==== TASK INPUT

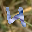
Label: 4
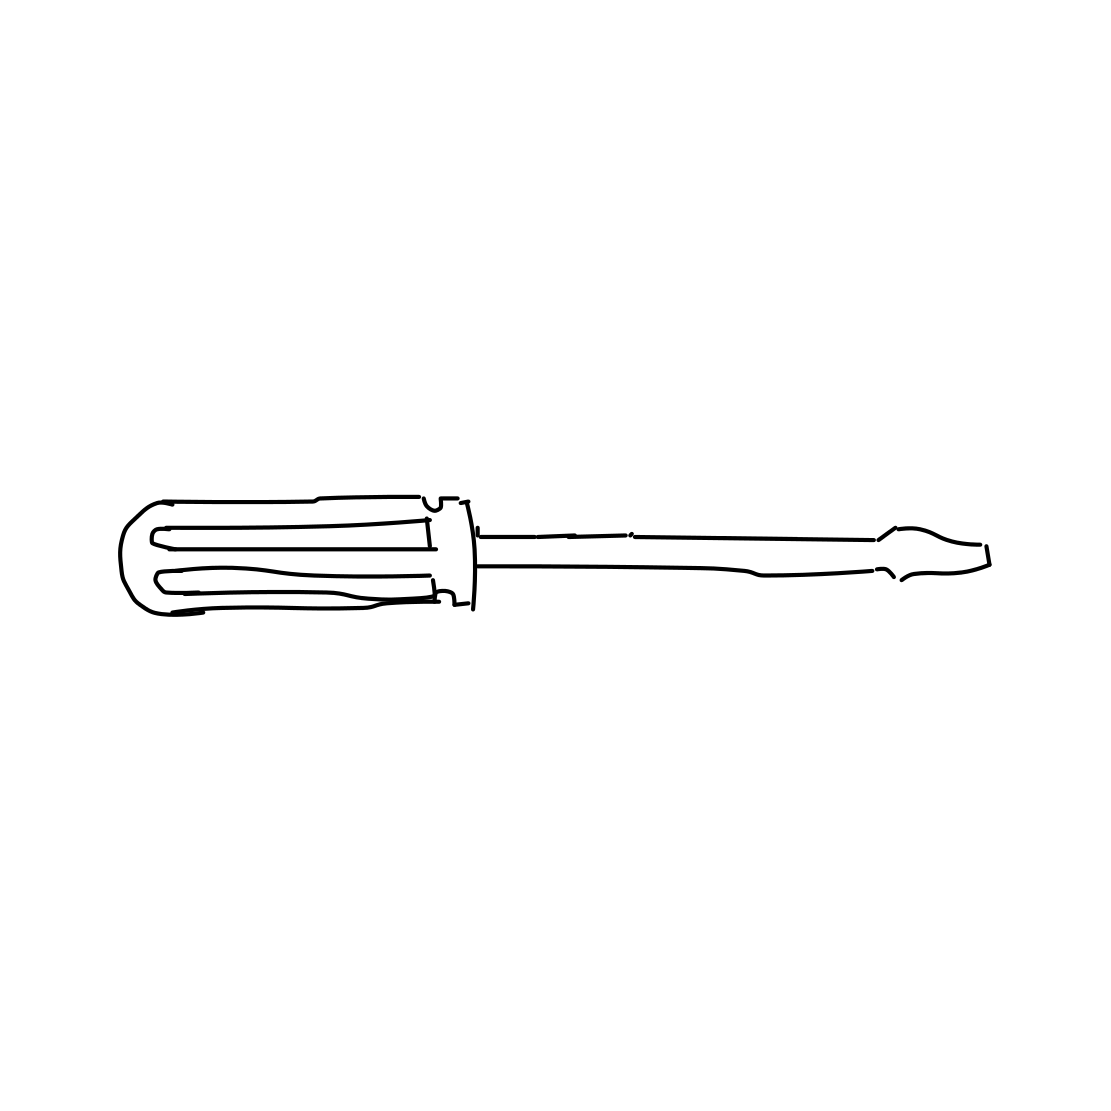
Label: screwdriver
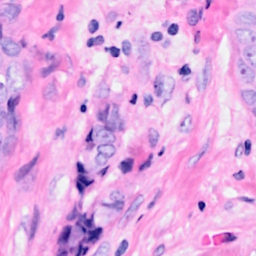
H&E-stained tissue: Breast
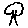
Label: tree
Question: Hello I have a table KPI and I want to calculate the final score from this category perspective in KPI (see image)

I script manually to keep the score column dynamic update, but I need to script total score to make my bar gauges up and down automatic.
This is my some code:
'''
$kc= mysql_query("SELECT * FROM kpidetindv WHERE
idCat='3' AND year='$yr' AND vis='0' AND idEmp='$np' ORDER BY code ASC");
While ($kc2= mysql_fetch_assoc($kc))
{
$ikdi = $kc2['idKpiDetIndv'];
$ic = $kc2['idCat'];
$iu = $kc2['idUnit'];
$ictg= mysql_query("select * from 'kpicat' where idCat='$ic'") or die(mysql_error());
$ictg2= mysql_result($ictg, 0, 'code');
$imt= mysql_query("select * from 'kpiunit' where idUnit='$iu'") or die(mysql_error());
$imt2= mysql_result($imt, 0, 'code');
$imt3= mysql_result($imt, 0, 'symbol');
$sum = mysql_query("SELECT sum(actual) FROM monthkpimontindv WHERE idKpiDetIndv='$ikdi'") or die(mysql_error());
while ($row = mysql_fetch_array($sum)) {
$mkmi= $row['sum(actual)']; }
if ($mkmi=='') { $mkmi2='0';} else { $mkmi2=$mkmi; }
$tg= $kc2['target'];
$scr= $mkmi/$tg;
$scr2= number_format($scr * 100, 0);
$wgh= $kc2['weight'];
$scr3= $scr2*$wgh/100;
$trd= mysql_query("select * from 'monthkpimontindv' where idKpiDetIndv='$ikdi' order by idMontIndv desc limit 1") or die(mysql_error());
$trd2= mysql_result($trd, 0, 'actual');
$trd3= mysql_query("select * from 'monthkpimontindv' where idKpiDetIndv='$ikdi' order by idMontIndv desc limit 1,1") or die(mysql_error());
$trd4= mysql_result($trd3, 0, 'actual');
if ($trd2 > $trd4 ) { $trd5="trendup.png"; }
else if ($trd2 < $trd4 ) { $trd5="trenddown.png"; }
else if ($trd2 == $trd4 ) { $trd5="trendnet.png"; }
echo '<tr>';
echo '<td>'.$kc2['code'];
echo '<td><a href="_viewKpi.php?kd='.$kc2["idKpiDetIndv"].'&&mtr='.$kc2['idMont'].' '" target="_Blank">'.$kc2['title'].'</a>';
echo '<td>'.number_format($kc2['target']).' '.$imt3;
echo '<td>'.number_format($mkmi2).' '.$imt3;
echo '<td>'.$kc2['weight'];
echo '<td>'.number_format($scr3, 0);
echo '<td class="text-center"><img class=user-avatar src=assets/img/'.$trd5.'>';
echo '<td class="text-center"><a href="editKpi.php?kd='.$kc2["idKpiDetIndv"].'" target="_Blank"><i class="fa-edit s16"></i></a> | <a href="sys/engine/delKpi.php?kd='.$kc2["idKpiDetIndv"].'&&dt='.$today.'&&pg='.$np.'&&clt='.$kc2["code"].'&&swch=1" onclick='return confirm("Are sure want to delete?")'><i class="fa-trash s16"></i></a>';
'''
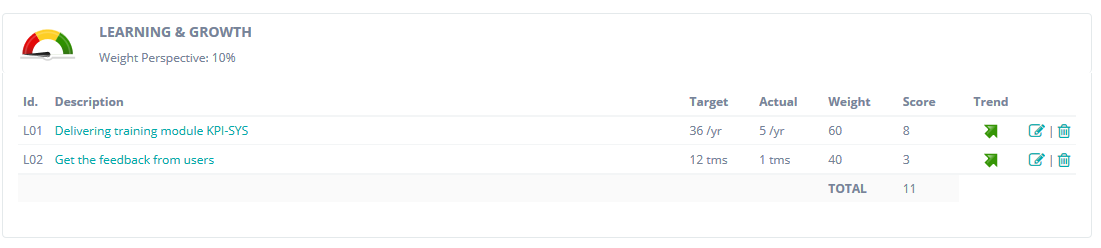
Answer: '''
<?PHP
$kc= mysql_query("SELECT * FROM kpidetindv WHERE idCat='$qki7' AND year='$yr' AND vis='0' AND idEmp='$np' ORDER BY code ASC");
While ($kc2= mysql_fetch_assoc($kc))
{
$sum = mysql_query("SELECT sum(actual) FROM monthkpimontindv WHERE idKpiDetIndv='$q'") or die(mysql_error());
while ($row = mysql_fetch_array($sum)) {
$mkmi= $row['sum(actual)']; }
if ($mkmi=='') { $mkmi2='0';} else { $mkmi2=$mkmi; }
$tg= $kc2['target'];
$scr= $mkmi/$tg;
$scr2= number_format($scr * 100, 0);
$wgh= $kc2['weight'];
$scr3= $scr2*$wgh/100;
$fscr+= number_format($scr3, 0);
}
if ($fscr == 0) { $imgs="speedo.png";}
else if ($fscr <= 10 ) { $imgs="speedo1.png";}
else if ($fscr <= 20 ) { $imgs="speedo2.png";}
else if ($fscr <= 30 ) { $imgs="speedo3.png";}
else if ($fscr <= 40 ) { $imgs="speedo4.png";}
else if ($fscr <= 50 ) { $imgs="speedo5.png";}
else if ($fscr <= 60 ) { $imgs="speedo6.png";}
else if ($fscr <= 70 ) { $imgs="speedo7.png";}
else if ($fscr <= 80 ) { $imgs="speedo8.png";}
else if ($fscr <= 90 ) { $imgs="speedo9.png";}
else if ($fscr <= 1000 ) { $imgs="speedo10.png";}
?>
'''
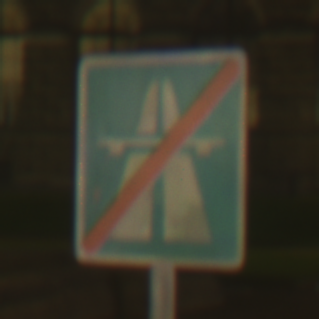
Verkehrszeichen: EndeAutbahn
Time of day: Night
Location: Outdoor (Urban)
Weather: Overcast
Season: NotSpecified
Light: Artificial
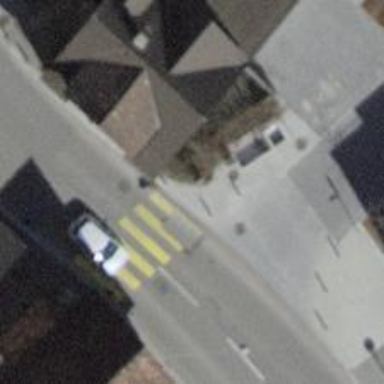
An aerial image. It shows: Marked zebra crossing on the road.
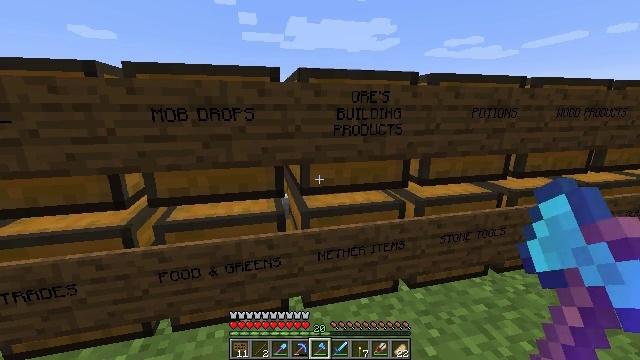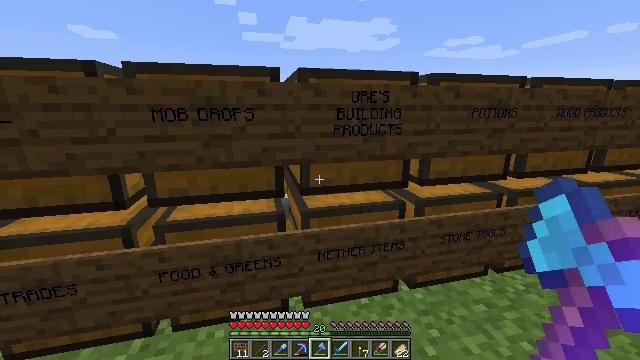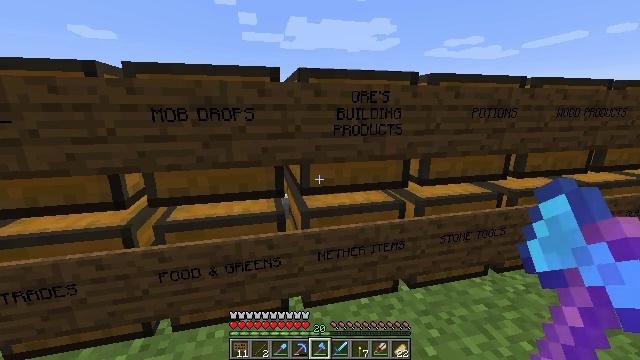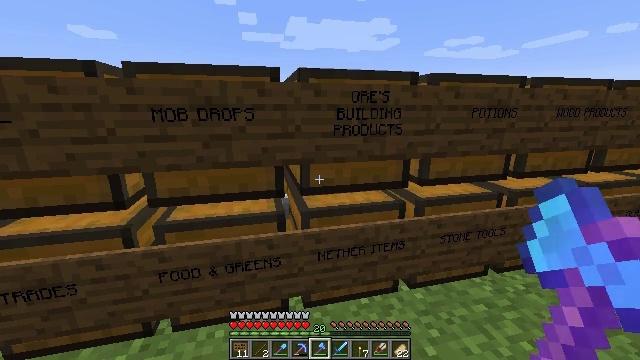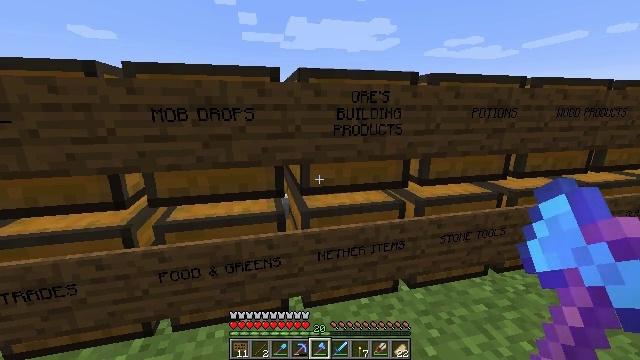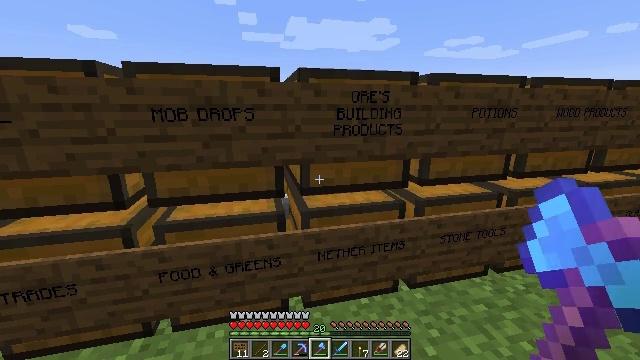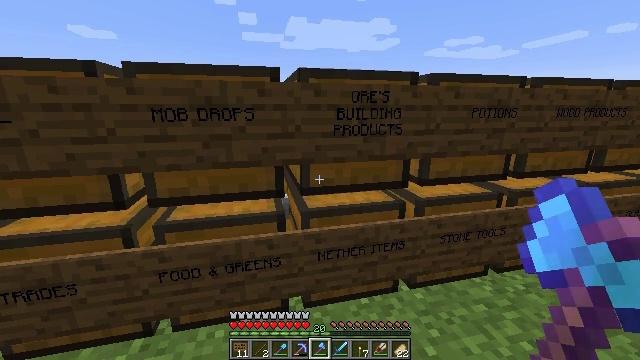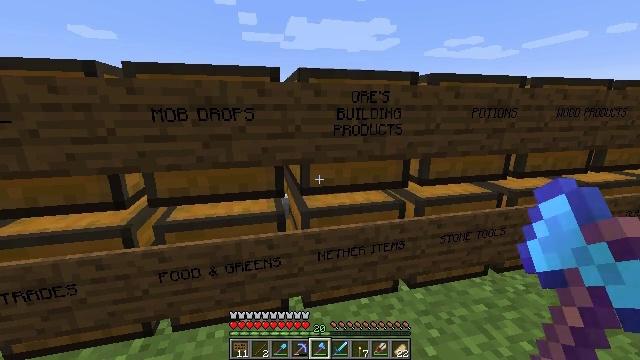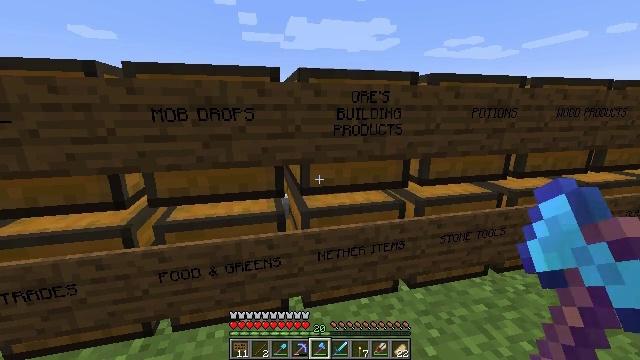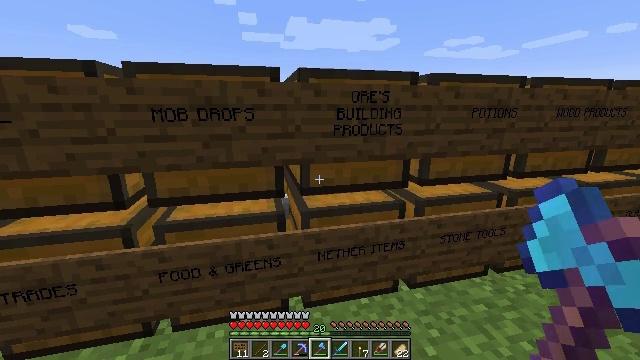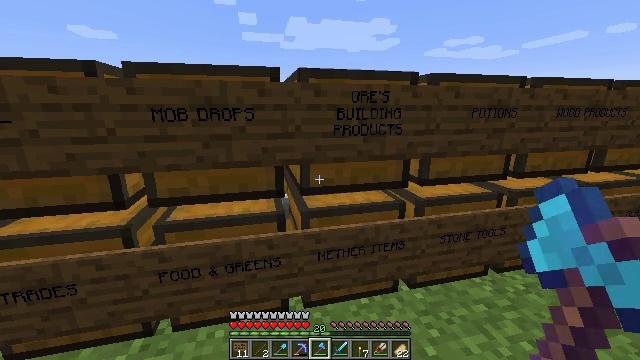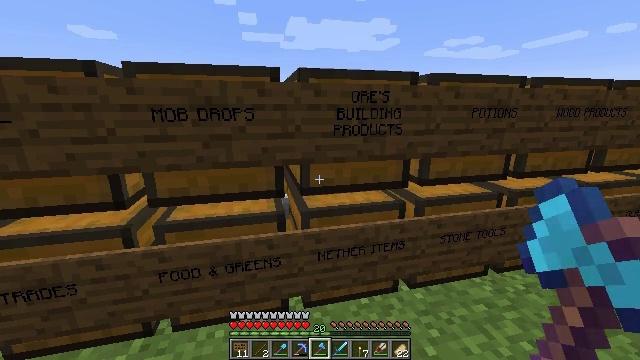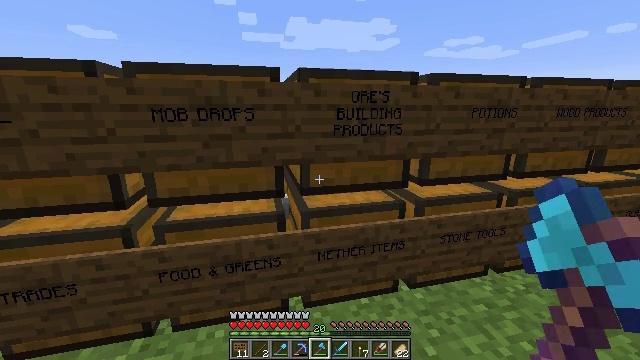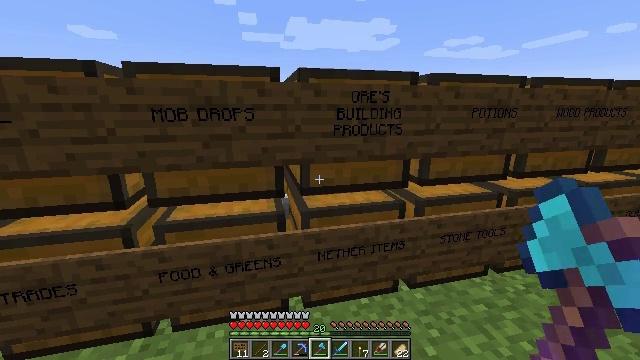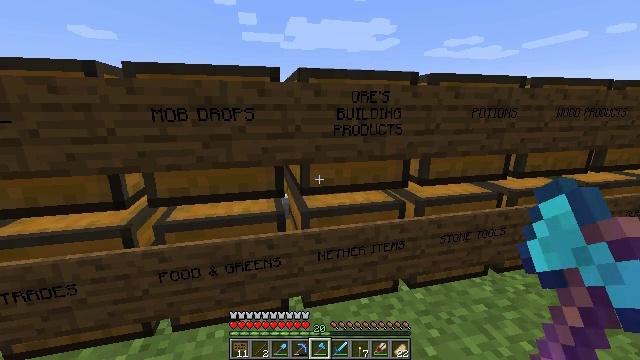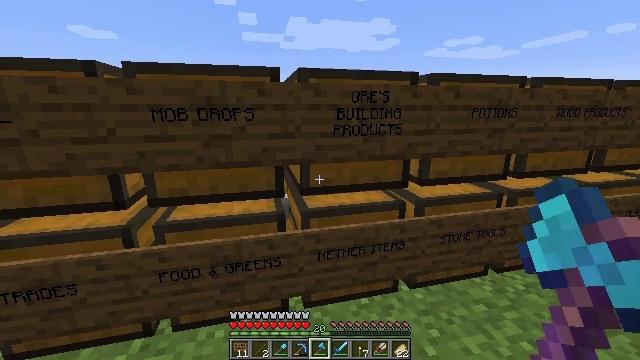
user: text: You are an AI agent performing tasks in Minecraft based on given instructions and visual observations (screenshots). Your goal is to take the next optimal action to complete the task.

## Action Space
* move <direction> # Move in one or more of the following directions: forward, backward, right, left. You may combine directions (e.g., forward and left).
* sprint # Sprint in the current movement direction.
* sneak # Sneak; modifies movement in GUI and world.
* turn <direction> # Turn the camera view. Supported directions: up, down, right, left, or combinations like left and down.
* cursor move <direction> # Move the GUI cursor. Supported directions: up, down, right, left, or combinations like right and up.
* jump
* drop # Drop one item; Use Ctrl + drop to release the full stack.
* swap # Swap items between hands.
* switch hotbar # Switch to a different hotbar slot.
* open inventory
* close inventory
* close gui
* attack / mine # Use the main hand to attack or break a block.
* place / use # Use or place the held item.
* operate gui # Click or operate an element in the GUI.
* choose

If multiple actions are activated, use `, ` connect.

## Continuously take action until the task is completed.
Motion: motion action
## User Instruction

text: Retrieve the torch.
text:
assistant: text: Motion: no_op
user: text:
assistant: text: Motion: no_op
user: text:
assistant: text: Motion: no_op
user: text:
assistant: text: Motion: no_op
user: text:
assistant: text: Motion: no_op
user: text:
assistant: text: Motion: no_op
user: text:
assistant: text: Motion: no_op
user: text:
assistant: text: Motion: no_op
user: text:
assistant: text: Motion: no_op
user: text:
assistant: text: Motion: no_op
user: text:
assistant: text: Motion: no_op
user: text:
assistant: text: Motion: no_op
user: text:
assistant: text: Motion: no_op
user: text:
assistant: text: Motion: no_op
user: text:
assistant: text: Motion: no_op
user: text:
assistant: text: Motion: no_op
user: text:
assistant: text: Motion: no_op
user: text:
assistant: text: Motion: no_op
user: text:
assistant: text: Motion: no_op
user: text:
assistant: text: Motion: no_op
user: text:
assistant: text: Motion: no_op
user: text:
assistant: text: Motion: no_op
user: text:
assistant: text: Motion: no_op
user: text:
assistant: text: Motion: no_op
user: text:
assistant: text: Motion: no_op
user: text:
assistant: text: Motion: no_op
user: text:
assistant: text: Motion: no_op
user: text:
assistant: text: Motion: no_op
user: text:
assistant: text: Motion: no_op
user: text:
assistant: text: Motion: no_op

========

**ABOUT THIS TASK**
Give the count, and only the count, of lines in these records that hold the string "like".

**OUTPUT FOR THIS TASK**
2